— WHAT TO PRODUCE —
Your answer must be an exact copy of the entries, containing no images.
──────────────────────────────
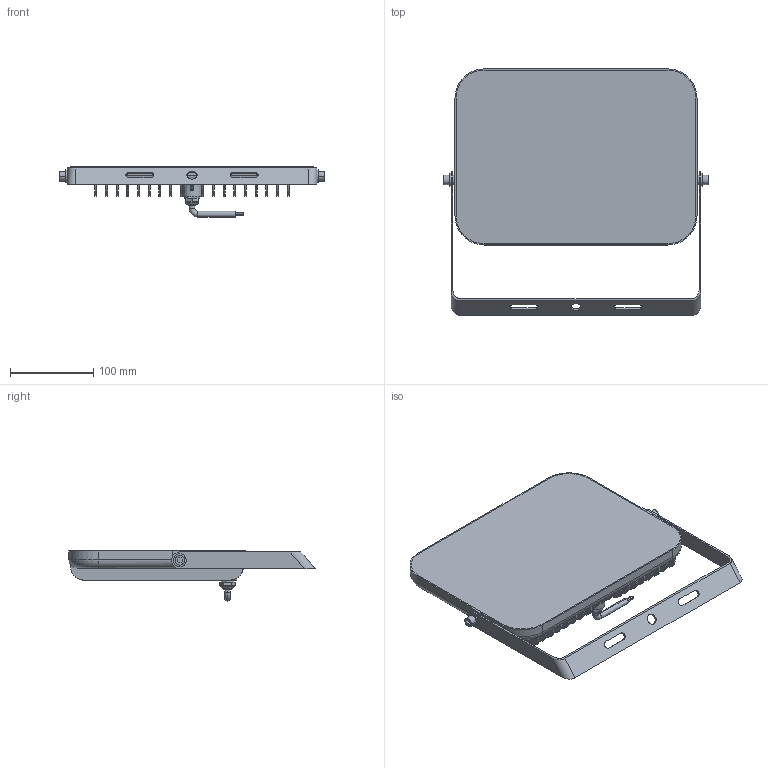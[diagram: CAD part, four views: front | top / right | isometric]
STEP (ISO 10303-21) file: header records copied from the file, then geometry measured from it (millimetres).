
FILE_DESCRIPTION (( 'STEP AP203' ), '1' );
FILE_NAME ('LPDO601-150-65-K02 Ïðîæåêòîð ÑÄÎ 06-150 ñâåòîäèîäíûé ÷åðíûé IP65 6500 K IEK.STEP', '2018-03-16T06:43:47', ( '' ), ( '' ), 'SwSTEP 2.0', 'SolidWorks 2014', '' );
FILE_SCHEMA (( 'CONFIG_CONTROL_DESIGN' ));
Length unit declared in the file: millimetre
Products named in the file (2): LPDO601-150-65-K02 Ïðîæåêòîð ÑÄÎ 06-150 ñâåòîäèîäíûé ÷åðíûé IP65 6500 K IEK
Bounding box: 318 x 295 x 60 mm (x, y, z)
Volume: 515695.3 mm3; surface area: 558349.7 mm2
Topology: 12 solids, 12 shells, 606 faces, 1505 edges, 934 vertices
Faces by surface type: cylinder 256, plane 241, torus 90, bspline 16, cone 3
Entity records: 18932 total; most frequent: CARTESIAN_POINT 4280, DIRECTION 3139, ORIENTED_EDGE 3010, EDGE_CURVE 1505, AXIS2_PLACEMENT_3D 1191, VERTEX_POINT 934, VECTOR 757, LINE 757
──────────────────────────────
— ANSWER TO THIS EXERCISE —
[diagram: CAD part, four views: front | top / right | isometric]
STEP (ISO 10303-21) file: header records copied from the file, then geometry measured from it (millimetres).
FILE_DESCRIPTION (( 'STEP AP203' ), '1' );
FILE_NAME ('LPDO601-150-65-K02 Ïðîæåêòîð ÑÄÎ 06-150 ñâåòîäèîäíûé ÷åðíûé IP65 6500 K IEK.STEP', '2018-03-16T06:43:47', ( '' ), ( '' ), 'SwSTEP 2.0', 'SolidWorks 2014', '' );
FILE_SCHEMA (( 'CONFIG_CONTROL_DESIGN' ));
Length unit declared in the file: millimetre
Products named in the file (2): LPDO601-150-65-K02 Ïðîæåêòîð ÑÄÎ 06-150 ñâåòîäèîäíûé ÷åðíûé IP65 6500 K IEK
Bounding box: 318 x 295 x 60 mm (x, y, z)
Volume: 515695.3 mm3; surface area: 558349.7 mm2
Topology: 12 solids, 12 shells, 606 faces, 1505 edges, 934 vertices
Faces by surface type: cylinder 256, plane 241, torus 90, bspline 16, cone 3
Entity records: 18932 total; most frequent: CARTESIAN_POINT 4280, DIRECTION 3139, ORIENTED_EDGE 3010, EDGE_CURVE 1505, AXIS2_PLACEMENT_3D 1191, VERTEX_POINT 934, VECTOR 757, LINE 757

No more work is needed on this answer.